I want to talk about a scene toward the end of the film. There’s a very long shot that your director, Oren Moverman, and your cinematographer, Bobby Bukowski, do, where you’re panhandling. You are saying, “Spare change? Help me out.” You have a wool cap pulled over your eyes. And I suspect I, like a lot of other people, would have walked right past you. Can you talk about shooting that scene and what you saw in the people who looked at you and didn’t see you during that scene?



We shot down in Astor Place, which is a very busy place in New York. New York is New York — any shot in this movie is as it is. People are not aware that they’re being [filmed]. And I didn’t know if this was going to work. Oren didn’t know. We were hoping we could get 30-second or maybe one minute takes before I got recognized and the shots were ruined. So I remember this was a very fragile, anxious day when I came out to Astor Place and stood there. I fairly quickly realized that no one was paying attention to me. And my first impulse was, well, I was invisible. No one was making eye contact. And then as I relaxed into it and was feeling the situation, I realized I wasn’t invisible, I was actually a black hole. And everyone around me, from blocks away, I could feel was terrified of being sucked into this black hole of despair and failure. And beyond that, I think in a very subconscious way, people feeling how tenuous their own sense of well being is — how close we all are to losing it, mentally, psychologically, physically. We’re living on a razor’s edge, all of us.

Did the making of this movie change you as a person, in the way you saw the world and the way you saw your place in it?
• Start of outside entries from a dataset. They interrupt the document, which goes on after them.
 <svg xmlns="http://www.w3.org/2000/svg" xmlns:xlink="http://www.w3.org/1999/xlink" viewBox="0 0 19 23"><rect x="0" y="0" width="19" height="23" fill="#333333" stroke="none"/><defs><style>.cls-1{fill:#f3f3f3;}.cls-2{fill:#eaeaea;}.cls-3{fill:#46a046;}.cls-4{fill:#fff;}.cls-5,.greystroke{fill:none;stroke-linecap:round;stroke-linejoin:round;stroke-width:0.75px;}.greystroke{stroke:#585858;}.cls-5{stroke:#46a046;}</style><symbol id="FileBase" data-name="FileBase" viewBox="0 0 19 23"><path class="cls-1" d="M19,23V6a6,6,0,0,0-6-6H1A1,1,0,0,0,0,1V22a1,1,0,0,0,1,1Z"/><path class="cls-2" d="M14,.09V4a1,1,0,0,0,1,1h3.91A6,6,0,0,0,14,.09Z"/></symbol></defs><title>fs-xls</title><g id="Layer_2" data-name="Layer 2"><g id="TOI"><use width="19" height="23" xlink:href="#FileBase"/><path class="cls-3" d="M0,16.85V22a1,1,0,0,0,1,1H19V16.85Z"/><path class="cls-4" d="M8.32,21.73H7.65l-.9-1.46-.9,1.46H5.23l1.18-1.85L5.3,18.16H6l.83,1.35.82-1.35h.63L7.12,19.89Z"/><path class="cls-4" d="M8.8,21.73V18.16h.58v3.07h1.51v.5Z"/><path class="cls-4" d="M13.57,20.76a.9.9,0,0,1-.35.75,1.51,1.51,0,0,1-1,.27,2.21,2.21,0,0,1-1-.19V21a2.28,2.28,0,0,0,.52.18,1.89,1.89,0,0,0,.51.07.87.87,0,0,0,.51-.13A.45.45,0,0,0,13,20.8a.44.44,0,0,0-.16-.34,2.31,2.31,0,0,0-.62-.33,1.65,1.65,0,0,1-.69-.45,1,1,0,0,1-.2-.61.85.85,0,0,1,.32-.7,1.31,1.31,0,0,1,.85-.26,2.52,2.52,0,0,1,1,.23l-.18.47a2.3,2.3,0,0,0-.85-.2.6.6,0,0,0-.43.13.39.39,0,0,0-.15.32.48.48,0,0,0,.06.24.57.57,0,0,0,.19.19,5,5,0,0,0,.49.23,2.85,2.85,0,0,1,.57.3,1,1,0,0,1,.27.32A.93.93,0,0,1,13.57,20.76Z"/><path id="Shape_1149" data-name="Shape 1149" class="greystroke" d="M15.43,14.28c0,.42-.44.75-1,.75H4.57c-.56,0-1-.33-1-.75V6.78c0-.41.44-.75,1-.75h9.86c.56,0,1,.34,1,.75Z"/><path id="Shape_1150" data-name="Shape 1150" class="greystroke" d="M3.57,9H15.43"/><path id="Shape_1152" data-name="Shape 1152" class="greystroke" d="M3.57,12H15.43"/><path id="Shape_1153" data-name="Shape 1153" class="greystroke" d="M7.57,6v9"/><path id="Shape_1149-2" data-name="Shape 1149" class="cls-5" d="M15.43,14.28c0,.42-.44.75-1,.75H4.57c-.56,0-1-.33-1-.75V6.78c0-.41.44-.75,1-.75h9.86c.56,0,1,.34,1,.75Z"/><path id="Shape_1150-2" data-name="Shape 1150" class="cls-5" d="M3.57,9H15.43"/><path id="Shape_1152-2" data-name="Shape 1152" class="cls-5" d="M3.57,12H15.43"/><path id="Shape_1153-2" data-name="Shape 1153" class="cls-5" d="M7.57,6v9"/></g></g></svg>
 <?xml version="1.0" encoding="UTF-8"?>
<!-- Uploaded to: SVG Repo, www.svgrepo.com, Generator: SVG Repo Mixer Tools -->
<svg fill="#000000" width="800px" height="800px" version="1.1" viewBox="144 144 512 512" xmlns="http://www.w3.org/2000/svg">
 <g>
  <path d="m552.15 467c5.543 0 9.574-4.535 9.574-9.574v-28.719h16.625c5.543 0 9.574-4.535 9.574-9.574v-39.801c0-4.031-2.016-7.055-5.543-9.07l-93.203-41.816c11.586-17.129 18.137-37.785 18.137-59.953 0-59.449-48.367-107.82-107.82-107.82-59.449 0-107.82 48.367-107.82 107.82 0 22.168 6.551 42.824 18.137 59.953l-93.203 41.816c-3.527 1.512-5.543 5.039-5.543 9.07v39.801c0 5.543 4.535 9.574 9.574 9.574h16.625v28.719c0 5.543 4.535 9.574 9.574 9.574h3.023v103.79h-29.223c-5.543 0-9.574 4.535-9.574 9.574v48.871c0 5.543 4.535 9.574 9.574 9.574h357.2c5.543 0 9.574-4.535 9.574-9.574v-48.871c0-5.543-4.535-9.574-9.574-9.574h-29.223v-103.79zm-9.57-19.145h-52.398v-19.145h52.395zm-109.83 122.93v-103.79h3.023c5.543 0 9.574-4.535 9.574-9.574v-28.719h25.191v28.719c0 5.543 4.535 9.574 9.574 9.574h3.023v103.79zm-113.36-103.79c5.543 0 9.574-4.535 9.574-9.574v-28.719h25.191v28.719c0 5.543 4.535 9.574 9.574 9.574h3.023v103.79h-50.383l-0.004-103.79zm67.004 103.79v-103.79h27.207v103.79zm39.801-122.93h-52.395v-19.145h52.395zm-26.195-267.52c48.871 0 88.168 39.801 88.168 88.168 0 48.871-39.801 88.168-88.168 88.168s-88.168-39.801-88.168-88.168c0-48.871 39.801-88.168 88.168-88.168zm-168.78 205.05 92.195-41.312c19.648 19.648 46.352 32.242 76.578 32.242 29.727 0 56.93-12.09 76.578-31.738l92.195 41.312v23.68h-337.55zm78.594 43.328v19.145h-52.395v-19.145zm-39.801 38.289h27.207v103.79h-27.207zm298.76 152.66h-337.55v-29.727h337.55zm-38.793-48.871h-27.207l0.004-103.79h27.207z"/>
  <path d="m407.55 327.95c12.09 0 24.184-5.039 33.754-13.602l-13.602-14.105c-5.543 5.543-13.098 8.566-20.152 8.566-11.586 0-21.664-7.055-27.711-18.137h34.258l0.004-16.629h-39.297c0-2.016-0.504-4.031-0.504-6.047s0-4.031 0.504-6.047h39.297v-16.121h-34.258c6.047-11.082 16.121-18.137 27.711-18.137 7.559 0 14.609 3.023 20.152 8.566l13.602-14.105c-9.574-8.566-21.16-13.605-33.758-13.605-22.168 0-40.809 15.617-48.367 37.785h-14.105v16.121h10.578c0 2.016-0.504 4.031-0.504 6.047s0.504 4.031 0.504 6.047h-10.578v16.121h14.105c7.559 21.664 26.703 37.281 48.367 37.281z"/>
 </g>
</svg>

Yeah, I think there were a couple of things. The shot you were asking me about before, not only for me, but for Bobby Bukowski who was shooting it, Oren Moverman, our writer-director. As we were doing that shot — and we were shooting digitally so we could do long takes — we shot for 45 minutes with no one paying any attention to me. On a block that, as Richard Gere, there’s no way I would be standing on that corner. Circumstances and projections are 99.9 percent of our experience in the world. We’re living in a total echo chamber of our own minds. I mean, I was the same guy you want to have an interview with today. I’m on a red carpet and people want to take my picture and talk to me. I’m the same guy that was on that corner. The only difference was I had a bad haircut, I had the clothes of someone on the street. Now is that how we deal with reality all the time? Based on those superficial things? How extraordinary. Now, I knew that intellectually, but maybe this is one of the first times that I so profoundly felt that deep in the marrow of my bones.